Life-Cycle Based Certifications
The Environmentally Preferable Product standard developed by Scientific Certification Systems addresses multiple attributes over the full life cycle of a product. Products are evaluated by attributes it has while it is in use, while it is manufactured, if it conserves resources, if it is a risk to human health, and end-of-life considerations.
The International Organization for Standardization (ISO) has developed environmental management standards (ISO 14000) that incorporate LCA protocol (ISO 14040). These standards (ISO 14001) organizations repetitively duplicate, measure and report, and improve how their operations impact the environment. They enable compliance with applicable laws, regulations and other environmentally oriented requirements.
Founded in 1989, Green Seal aims to achieve a more sustainable world by promoting environmentally responsible production, purchasing and products. Green Seal evaluates products in different categories with a life-cycle approach: looking at material extraction, manufacturing and use, recycling and disposal. Green Seal-certified products have been through evaluation, testing and a plant visit, and are better for human health and the environment.
Sustainable Materials Rating Technology (SMART)
The Institute for Market Transformation to Sustainability (MTS) is a nonprofit organization composed of leading environmental groups, governments and companies working to transform manufacturing and retail practices worldwide, so by 2015, sustainable products will be available in 90 percent of the global marketplace.
Mike Italiano, a founder of the U.S. Green Building Council and president of MTS, has worked to developed SMaRT (Sustainable Materials Rating Technology), a standard based on the entire life cycle of a product. SMaRT certification, a rating system with a set of minimum requirements, wants to create one comprehensive sustainable standard by incorporating the world’s best sustainable product standards. SMaRT standards are currently available for textiles, flooring, building products and apparel.

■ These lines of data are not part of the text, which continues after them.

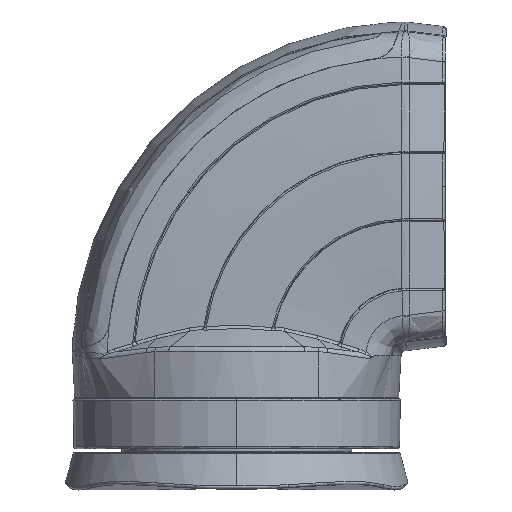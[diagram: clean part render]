
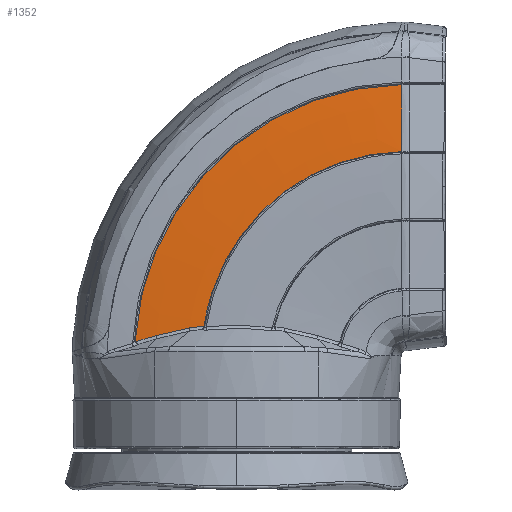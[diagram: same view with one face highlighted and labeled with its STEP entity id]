
A CAD part, left-side view. The second image highlights one B-rep face of the part: STEP entity #1352.
In plain terms, the highlighted toroidal (fillet/blend) face has major radius 67.882 mm and minor radius 403.824 mm.
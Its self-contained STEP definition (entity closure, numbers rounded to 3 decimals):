
#1352 = ADVANCED_FACE ( 'NONE', ( #118108 ), #90852, .T. ) ;
#2818 = CARTESIAN_POINT ( 'NONE',  ( -18.718, 79.594, 144.578 ) ) ;
#3922 = CARTESIAN_POINT ( 'NONE',  ( -20.524, -8.197, 218.36 ) ) ;
#4370 = VERTEX_POINT ( 'NONE', #21776 ) ;
#5297 = CARTESIAN_POINT ( 'NONE',  ( -18.718, 79.594, 144.578 ) ) ;
#6171 = CARTESIAN_POINT ( 'NONE',  ( 383.058, -28.751, 138.989 ) ) ;
#8391 = EDGE_CURVE ( 'NONE', #4370, #53823, #120253, .T. ) ;
#8482 = CARTESIAN_POINT ( 'NONE',  ( -20.523, 52.252, 150.849 ) ) ;
#11647 = CARTESIAN_POINT ( 'NONE',  ( -20.072, 62.599, 149.378 ) ) ;
#12453 = EDGE_CURVE ( 'NONE', #59779, #70057, #111370, .T. ) ;
#12875 = CARTESIAN_POINT ( 'NONE',  ( -20.524, 40.856, 182.314 ) ) ;
#13310 = CARTESIAN_POINT ( 'NONE',  ( -20.524, 45.434, 173.902 ) ) ;
#14748 = ORIENTED_EDGE ( 'NONE', *, *, #121532, .F. ) ;
#15059 = B_SPLINE_CURVE_WITH_KNOTS ( 'NONE', 3,
 ( #92317, #71682, #51024, #19636 ),
 .UNSPECIFIED., .F., .F.,
 ( 4, 4 ),
 ( 0., 0.009 ),
 .UNSPECIFIED. ) ;
#15277 = EDGE_CURVE ( 'NONE', #82859, #59779, #82249, .T. ) ;
#16411 = B_SPLINE_CURVE_WITH_KNOTS ( 'NONE', 3,
 ( #82483, #106661, #33053, #3922, #74822, #65842, #23216, #75709, #33481, #74393, #106196, #85531, #12875, #13310, #44724, #115180, #85965, #116495 ),
 .UNSPECIFIED., .F., .F.,
 ( 4, 2, 2, 2, 2, 2, 2, 2, 4 ),
 ( 0., 0.124, 0.248, 0.372, 0.495, 0.619, 0.743, 0.867, 0.991 ),
 .UNSPECIFIED. ) ;
#16780 = CARTESIAN_POINT ( 'NONE',  ( -20.286, 58.099, 150.074 ) ) ;
#19636 = CARTESIAN_POINT ( 'NONE',  ( -18.718, 79.594, 144.578 ) ) ;
#20815 = CARTESIAN_POINT ( 'NONE',  ( -19.45, 71.371, 147.048 ) ) ;
#21776 = CARTESIAN_POINT ( 'NONE',  ( -20.523, 52.252, 150.849 ) ) ;
#23216 = CARTESIAN_POINT ( 'NONE',  ( -20.524, 9.657, 211.426 ) ) ;
#25789 = ORIENTED_EDGE ( 'NONE', *, *, #12453, .F. ) ;
#26584 = B_SPLINE_CURVE_WITH_KNOTS ( 'NONE', 3,
 ( #30949, #11647, #31387, #103234 ),
 .UNSPECIFIED., .F., .F.,
 ( 4, 4 ),
 ( 0., 0.014 ),
 .UNSPECIFIED. ) ;
#28902 = VERTEX_POINT ( 'NONE', #20815 ) ;
#28968 = CARTESIAN_POINT ( 'NONE',  ( -20.524, 52.212, 151.001 ) ) ;
#30949 = CARTESIAN_POINT ( 'NONE',  ( -20.286, 58.099, 150.074 ) ) ;
#31387 = CARTESIAN_POINT ( 'NONE',  ( -19.792, 67.022, 148.365 ) ) ;
#31918 = EDGE_CURVE ( 'NONE', #99128, #4370, #59950, .T. ) ;
#32871 = CARTESIAN_POINT ( 'NONE',  ( -18.71, 79.667, 144.701 ) ) ;
#33053 = CARTESIAN_POINT ( 'NONE',  ( -20.524, -17.593, 220.215 ) ) ;
#33481 = CARTESIAN_POINT ( 'NONE',  ( -20.524, 21.715, 203.607 ) ) ;
#36934 = AXIS2_PLACEMENT_3D ( 'NONE', #47425, #131311, #110234 ) ;
#37053 = CARTESIAN_POINT ( 'NONE',  ( -18.695, -27.154, 247.696 ) ) ;
#37537 = DIRECTION ( 'NONE',  ( 0., 0., 1. ) ) ;
#40477 = CARTESIAN_POINT ( 'NONE',  ( -18.695, 79.779, 145.394 ) ) ;
#42000 = ORIENTED_EDGE ( 'NONE', *, *, #111890, .F. ) ;
#43197 = CARTESIAN_POINT ( 'NONE',  ( -18.697, 79.777, 145.111 ) ) ;
#44724 = CARTESIAN_POINT ( 'NONE',  ( -20.524, 47.352, 169.495 ) ) ;
#45513 = EDGE_CURVE ( 'NONE', #28902, #82859, #15059, .T. ) ;
#47425 = CARTESIAN_POINT ( 'NONE',  ( -18.695, -28.751, 138.989 ) ) ;
#47440 = DIRECTION ( 'NONE',  ( -1., 0., 0. ) ) ;
#48737 = CARTESIAN_POINT ( 'NONE',  ( -19.603, -27.155, 238.761 ) ) ;
#50983 = CARTESIAN_POINT ( 'NONE',  ( -20.524, 52.215, 150.986 ) ) ;
#51024 = CARTESIAN_POINT ( 'NONE',  ( -18.991, 76.854, 145.394 ) ) ;
#53592 = CARTESIAN_POINT ( 'NONE',  ( -18.695, 79.788, 145.251 ) ) ;
#53823 = VERTEX_POINT ( 'NONE', #16780 ) ;
#54463 = ORIENTED_EDGE ( 'NONE', *, *, #31918, .F. ) ;
#57277 = CARTESIAN_POINT ( 'NONE',  ( -18.695, -27.154, 247.696 ) ) ;
#57754 = CARTESIAN_POINT ( 'NONE',  ( -20.213, -27.157, 229.799 ) ) ;
#59779 = VERTEX_POINT ( 'NONE', #40477 ) ;
#59950 = B_SPLINE_CURVE_WITH_KNOTS ( 'NONE', 3,
 ( #28968, #50983, #122777, #60457, #81034, #100812, #133081 ),
 .UNSPECIFIED., .F., .F.,
 ( 4, 3, 4 ),
 ( 0., 0., 0. ),
 .UNSPECIFIED. ) ;
#60457 = CARTESIAN_POINT ( 'NONE',  ( -20.523, 52.223, 150.955 ) ) ;
#65842 = CARTESIAN_POINT ( 'NONE',  ( -20.524, 5.346, 213.552 ) ) ;
#68074 = ORIENTED_EDGE ( 'NONE', *, *, #15277, .F. ) ;
#70057 = VERTEX_POINT ( 'NONE', #57277 ) ;
#71682 = CARTESIAN_POINT ( 'NONE',  ( -19.234, 74.113, 146.219 ) ) ;
#73498 = ORIENTED_EDGE ( 'NONE', *, *, #8391, .F. ) ;
#74393 = CARTESIAN_POINT ( 'NONE',  ( -20.524, 28.905, 197.281 ) ) ;
#74822 = CARTESIAN_POINT ( 'NONE',  ( -20.524, -3.581, 217.019 ) ) ;
#75709 = CARTESIAN_POINT ( 'NONE',  ( -20.524, 17.841, 206.453 ) ) ;
#76362 = AXIS2_PLACEMENT_3D ( 'NONE', #6171, #47440, #37537 ) ;
#78797 = CARTESIAN_POINT ( 'NONE',  ( -20.524, -27.159, 220.823 ) ) ;
#80265 = CARTESIAN_POINT ( 'NONE',  ( -20.457, 54.207, 150.634 ) ) ;
#81034 = CARTESIAN_POINT ( 'NONE',  ( -20.523, 52.231, 150.919 ) ) ;
#81464 = ORIENTED_EDGE ( 'NONE', *, *, #84535, .T. ) ;
#82249 = B_SPLINE_CURVE_WITH_KNOTS ( 'NONE', 3,
 ( #2818, #32871, #104692, #43197, #53592, #125336 ),
 .UNSPECIFIED., .F., .F.,
 ( 4, 2, 4 ),
 ( 0., 0., 0.001 ),
 .UNSPECIFIED. ) ;
#82483 = CARTESIAN_POINT ( 'NONE',  ( -20.524, -27.159, 220.823 ) ) ;
#82859 = VERTEX_POINT ( 'NONE', #5297 ) ;
#83768 = CARTESIAN_POINT ( 'NONE',  ( -20.524, -27.159, 220.823 ) ) ;
#84535 = EDGE_CURVE ( 'NONE', #117503, #70057, #120646, .T. ) ;
#85531 = CARTESIAN_POINT ( 'NONE',  ( -20.524, 38.198, 186.319 ) ) ;
#85965 = CARTESIAN_POINT ( 'NONE',  ( -20.524, 51.509, 155.738 ) ) ;
#88197 = EDGE_LOOP ( 'NONE', ( #102403, #42000, #73498, #54463, #14748, #81464, #25789, #68074 ) ) ;
#90852 = TOROIDAL_SURFACE ( 'NONE', #76362, 67.882, 403.824 ) ;
#92317 = CARTESIAN_POINT ( 'NONE',  ( -19.45, 71.371, 147.048 ) ) ;
#93780 = CARTESIAN_POINT ( 'NONE',  ( -20.378, 56.156, 150.374 ) ) ;
#99128 = VERTEX_POINT ( 'NONE', #129256 ) ;
#100812 = CARTESIAN_POINT ( 'NONE',  ( -20.523, 52.241, 150.884 ) ) ;
#102403 = ORIENTED_EDGE ( 'NONE', *, *, #45513, .F. ) ;
#103234 = CARTESIAN_POINT ( 'NONE',  ( -19.45, 71.371, 147.048 ) ) ;
#104692 = CARTESIAN_POINT ( 'NONE',  ( -18.705, 79.717, 144.837 ) ) ;
#106196 = CARTESIAN_POINT ( 'NONE',  ( -20.524, 32.222, 193.803 ) ) ;
#106256 = CARTESIAN_POINT ( 'NONE',  ( -20.286, 58.099, 150.074 ) ) ;
#106661 = CARTESIAN_POINT ( 'NONE',  ( -20.524, -22.372, 220.73 ) ) ;
#110234 = DIRECTION ( 'NONE',  ( 0., 0., 1. ) ) ;
#111370 = CIRCLE ( 'NONE', #36934, 108.719 ) ;
#111890 = EDGE_CURVE ( 'NONE', #53823, #28902, #26584, .T. ) ;
#115180 = CARTESIAN_POINT ( 'NONE',  ( -20.524, 50.39, 160.413 ) ) ;
#116495 = CARTESIAN_POINT ( 'NONE',  ( -20.524, 52.212, 151.001 ) ) ;
#117503 = VERTEX_POINT ( 'NONE', #83768 ) ;
#118108 = FACE_OUTER_BOUND ( 'NONE', #88197, .T. ) ;
#120253 = B_SPLINE_CURVE_WITH_KNOTS ( 'NONE', 3,
 ( #8482, #80265, #93780, #106256 ),
 .UNSPECIFIED., .F., .F.,
 ( 4, 4 ),
 ( 0., 0.006 ),
 .UNSPECIFIED. ) ;
#120646 = B_SPLINE_CURVE_WITH_KNOTS ( 'NONE', 3,
 ( #78797, #57754, #48737, #37053 ),
 .UNSPECIFIED., .F., .F.,
 ( 4, 4 ),
 ( 0., 0.027 ),
 .UNSPECIFIED. ) ;
#121532 = EDGE_CURVE ( 'NONE', #117503, #99128, #16411, .T. ) ;
#122777 = CARTESIAN_POINT ( 'NONE',  ( -20.524, 52.219, 150.97 ) ) ;
#125336 = CARTESIAN_POINT ( 'NONE',  ( -18.695, 79.779, 145.394 ) ) ;
#129256 = CARTESIAN_POINT ( 'NONE',  ( -20.524, 52.212, 151.001 ) ) ;
#131311 = DIRECTION ( 'NONE',  ( 1., 0., 0. ) ) ;
#133081 = CARTESIAN_POINT ( 'NONE',  ( -20.523, 52.252, 150.849 ) ) ;

The U.S. Green Building Council has already adopted SMaRT and SMaRT -Certified Sustainable product credits within the LEED point system. To qualify for LEED Innovation and Design credit, 2.5 percent of all products in a building must be SMaRT certified, and a building must have a minimum of 60 percent Green-e power use or a 60 percent reduction in conventional energy use (or a combination of the two, achieving 60 percent).
Information about life-cycle assessment (LCA) satisfies the prerequisites for the SMaRT standard and the supply chain of a product is checked even if it is made in China. The SMaRT scoring system has four levels similar to the USGBC’s LEED levels: Sustainable, Sustainable Silver, Sustainable Gold and Sustainable Platinum.
SMaRT is one example of a benchmark standard. It takes into account the cradle to grave, or cradle-to-cradle cycle that a product goes through from the moment natural resources are extracted to what becomes of it when its useful life is over. SMaRT criteria also addresses long-term human health impact as well as social equity issues that incorporate a true triple-bottom-line approach. Although the way to measure and report a product’s level of sustainability has not been established as an accepted standard yet, it is important for purchasing departments to take responsibility and action to hold manufacturers responsible and accountable for the products they sell and how they market them. You might think you don’t have time or knowledge to ask all the right questions – and perhaps nobody does – yet.
All product manufacturers should be looking into reducing their environmental footprints. That commitment needs to be thoroughly entrenched in the boardroom of a company and not just in the marketing department. Use reputable third-party certifications that look at more than single impacts to help make decisions about which products to buy. But also begin to ask questions that go beyond the certification’s promise.